Nella foto a
sinistra (ripresa dal web): Pianta del miglio. A San Fili spesso usiamo chiamare “farina
miglinu” (quella che utilizziamo per fare la polenta o la stessa “mpigliolata
santufilise” la farina di mais. Eppure la pianta del miglio è una pianta
che ha ben poco a dividere con la pianta del mais... o forse, per quanto
riguarda anche noi sanfilesi, no?
Articolo
pubblicato sul Notiziario Sanfilese del mese di marzo del 2018... by Pietro
Perri.
E
se la farina utilizzata per fare la ‘mpigliolata o “u pane
miglinu” non fosse farina di miglio? Sarebbe un bel guaio, vero?
E
invece no! ... anche perché la farina che a San Fili ancora oggi chiamiamo
familiarmente “farina di miglio o miglina” in effetti tutto è tranne che
“farina di miglio”.
Più
precisamente è farina di mais o farina di granturco.
Un
errore questo che sembra ci portiamo ormai avanti da tempo immemore. Un errore
che facevo anch’io... prima di iniziare a scrivere quest’articolo sulla ‘mpigliolata.
A
farmi aprire gli occhi in merito è stato il nostro compaesano Achille Blasi, da
tempo residente a Milano ovvero nella capitale del popolo dei polentoni. Quindi
chi meglio di lui poteva farmi capire che c’è una bella differenza tra la
pianta del miglio e la pianta del mais o granturco che dir si voglia?
Un
errore evidenziato persino da Luigi Accattatis già alla fine del XIX secolo nel
suo famoso, per noi cosentini in particolare, “Dizionario del Dialetto
Calabrese” (Cosenza 15 gennaio 1895/30 marzo 1898). In tale dizionario alla
voce “migliu” infatti leggiamo:
* * *
Migliu, s. m. Miglio; Pianta rada, pendente
che fa un seme piccolo, rotondo, lucido, gialliccio chiamato con lo stesso
nome, e si adopera specialmente per cibo di certi uccelli. E’ nota in botanica
col nome di Panicum miliareum, ed è originaria dell’India || Migliu chiamano
impropriamente anche il Granone o Granturco: Pane de -; Pane di
grano d’India, sebbene anche del miglio che noi coltiviamo, la gente povera
faccia delle focacce per isfamarsi.
* * *
La
domanda a tal punto sorge spontanea: come mai i nostri nonni, i nostri padri e
persino qualcuno di noi ancora oggi chiamiamo miglio il mais?
Diciamo
che il miglio ed il mais un po’ come pianta si somigliano (almeno a vederle su
internet in quanto personalmente a questo punto dubito di aver mai visto una
pianta di miglio in vita mia). Ed un po’ si somigliano anche come forma e
colore del seme.
Non
solo: anche il seme del miglio può essere macinato e quindi dallo stesso si può
ricavare anche una farina anche se a conservazione decisamente ridotta. E da
tale farina sembra si possano anche ricavare delle pagnotte (l’originario pane miglinu?)

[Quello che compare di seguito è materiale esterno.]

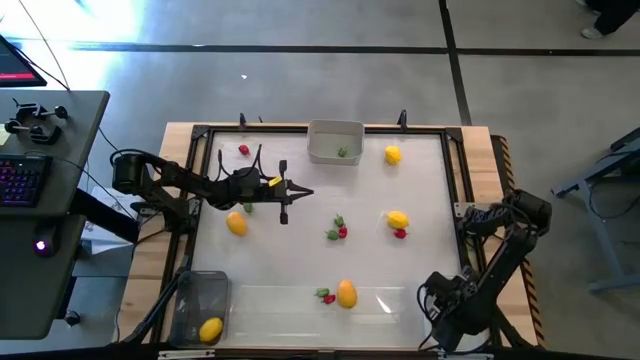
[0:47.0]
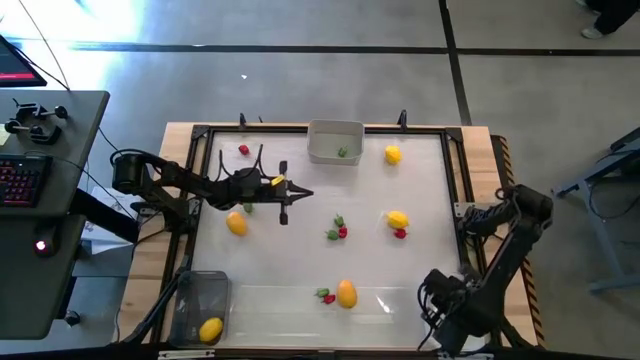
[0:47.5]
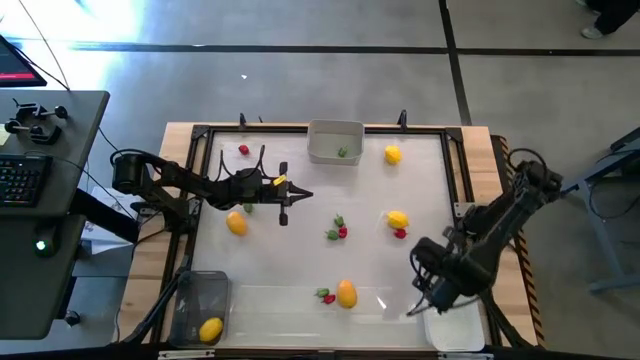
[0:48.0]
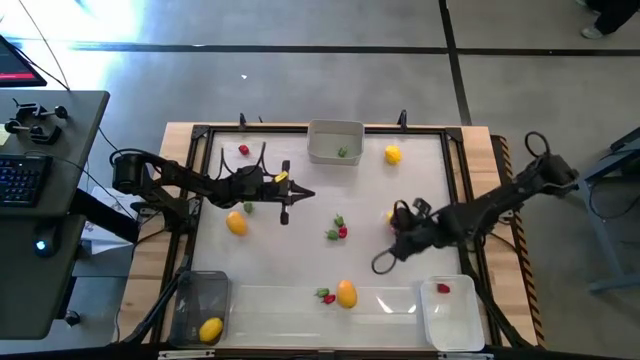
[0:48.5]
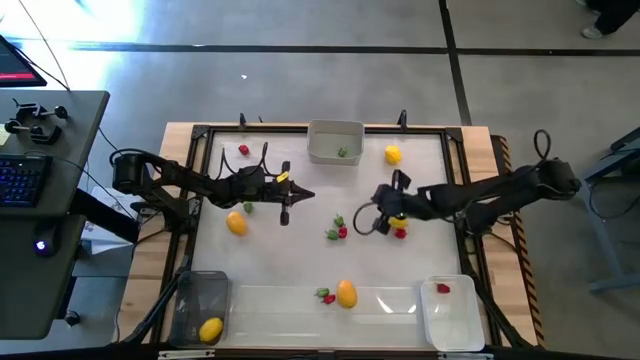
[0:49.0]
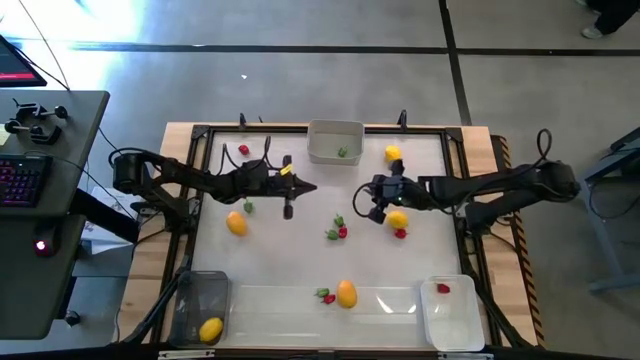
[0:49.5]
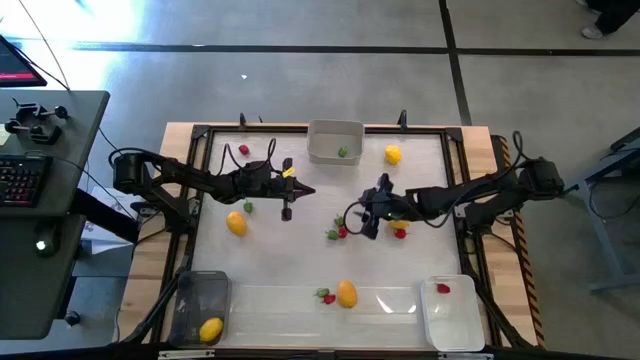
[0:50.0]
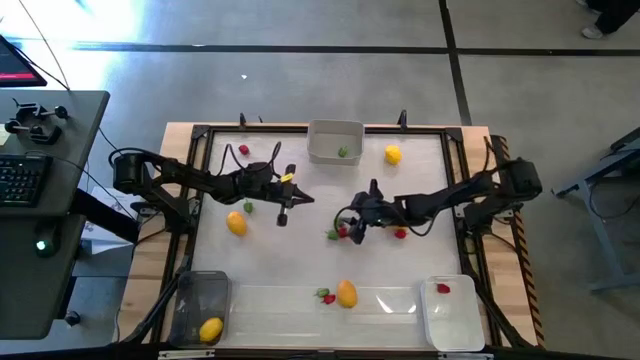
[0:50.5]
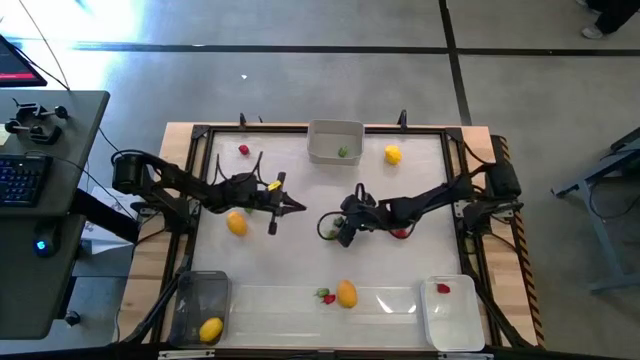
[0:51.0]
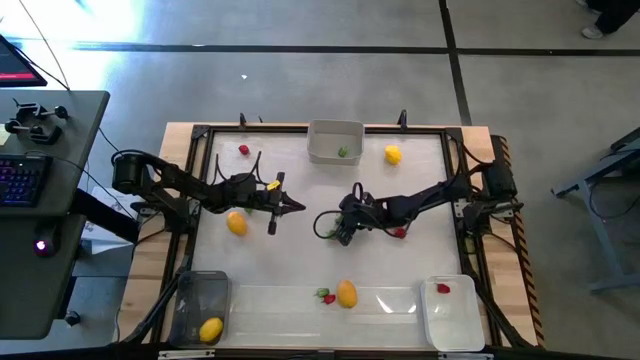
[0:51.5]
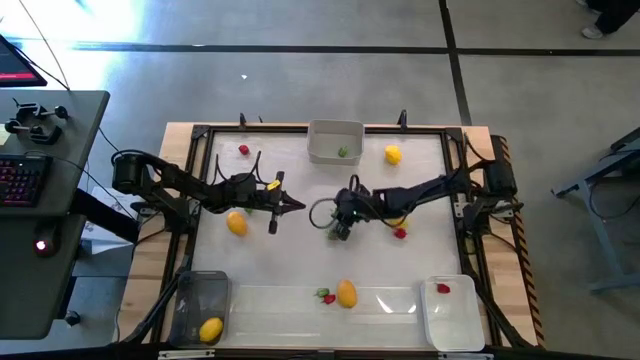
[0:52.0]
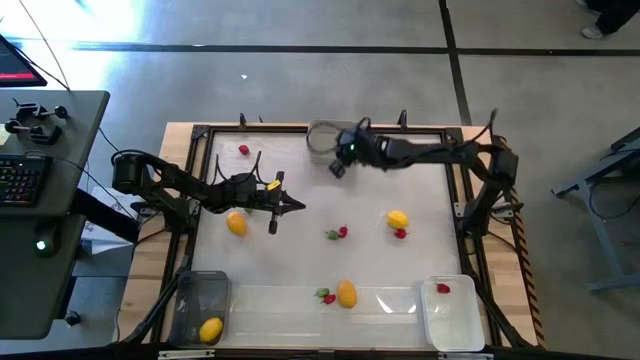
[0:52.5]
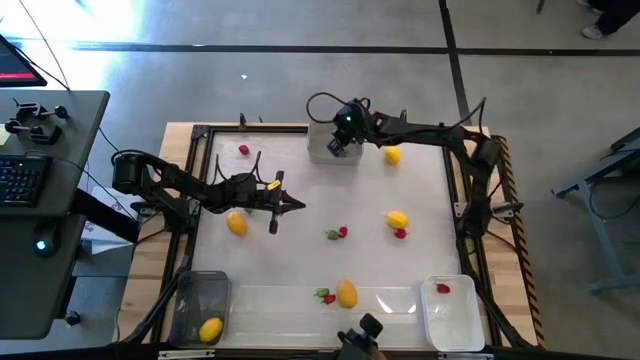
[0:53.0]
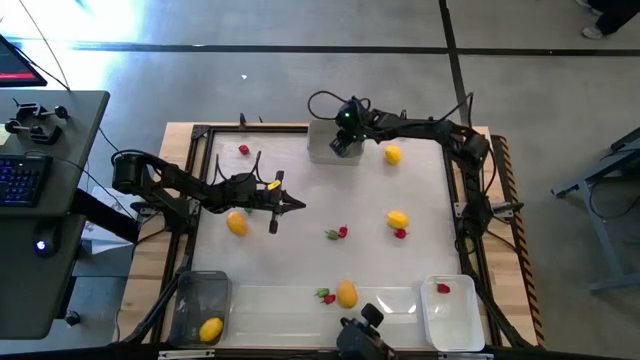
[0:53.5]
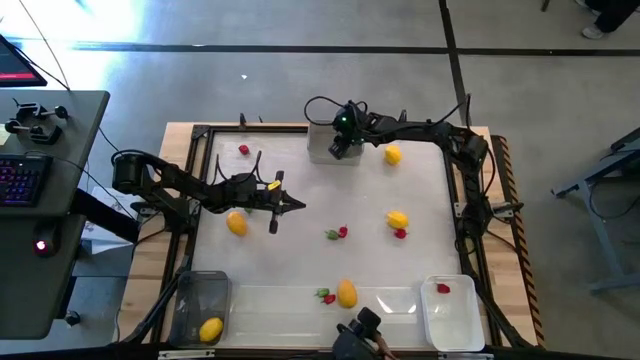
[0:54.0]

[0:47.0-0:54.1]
Put the green chili pepper into the gray bin

e presumibilmente la ‘mpiglionata di farina di mais o
granturco non ha fatto altro, in tempi a dir poco ormai remoti, che prendere il
posto alla ‘mpigliolata realizzata anticamente con farina di
miglio.
Non
mi meraviglierei infatti che i nostri trisnonni e/o i loro ascendenti
conoscessero più la coltivazione del miglio vero e proprio dalle nostre parti
che quella del mais o granturco. Coltivazione presumibilmente meno faticosa per
quanto riguarda il lavoro e più proficua dal punto del rendimento.
E
venne l’era dei pop-corn.
Coltivazione
sostituita quasi completamente nel corso del XX secolo con quella del grano per
la sua più apprezzata (ma anche più dannosa, ce ne rendiamo tristemente conto
oggi) “farina bianca”.
Inutile
dire, per quanto riguarda la fruttificazione, che mentre con il mais siamo
difronte ad una pannocchia con il miglio siamo difronte ad una spiga.
A
proposito: il granturco o mais in dialetto (più nel dialetto dei nostri nonni,
comunque, che nel nostro) è detto ‘ndianu o ‘nniànu (abbreviazione
di “grano indiano” o “grano turco” nel senso di esotico).
Oggi
il miglio, ormai quasi sconosciuto in Italia, è coltivato in particolare
nell’Europa orientale.
* * *
Un
caro abbraccio a tutti dal sempre vostro affezionato Pietro Perri.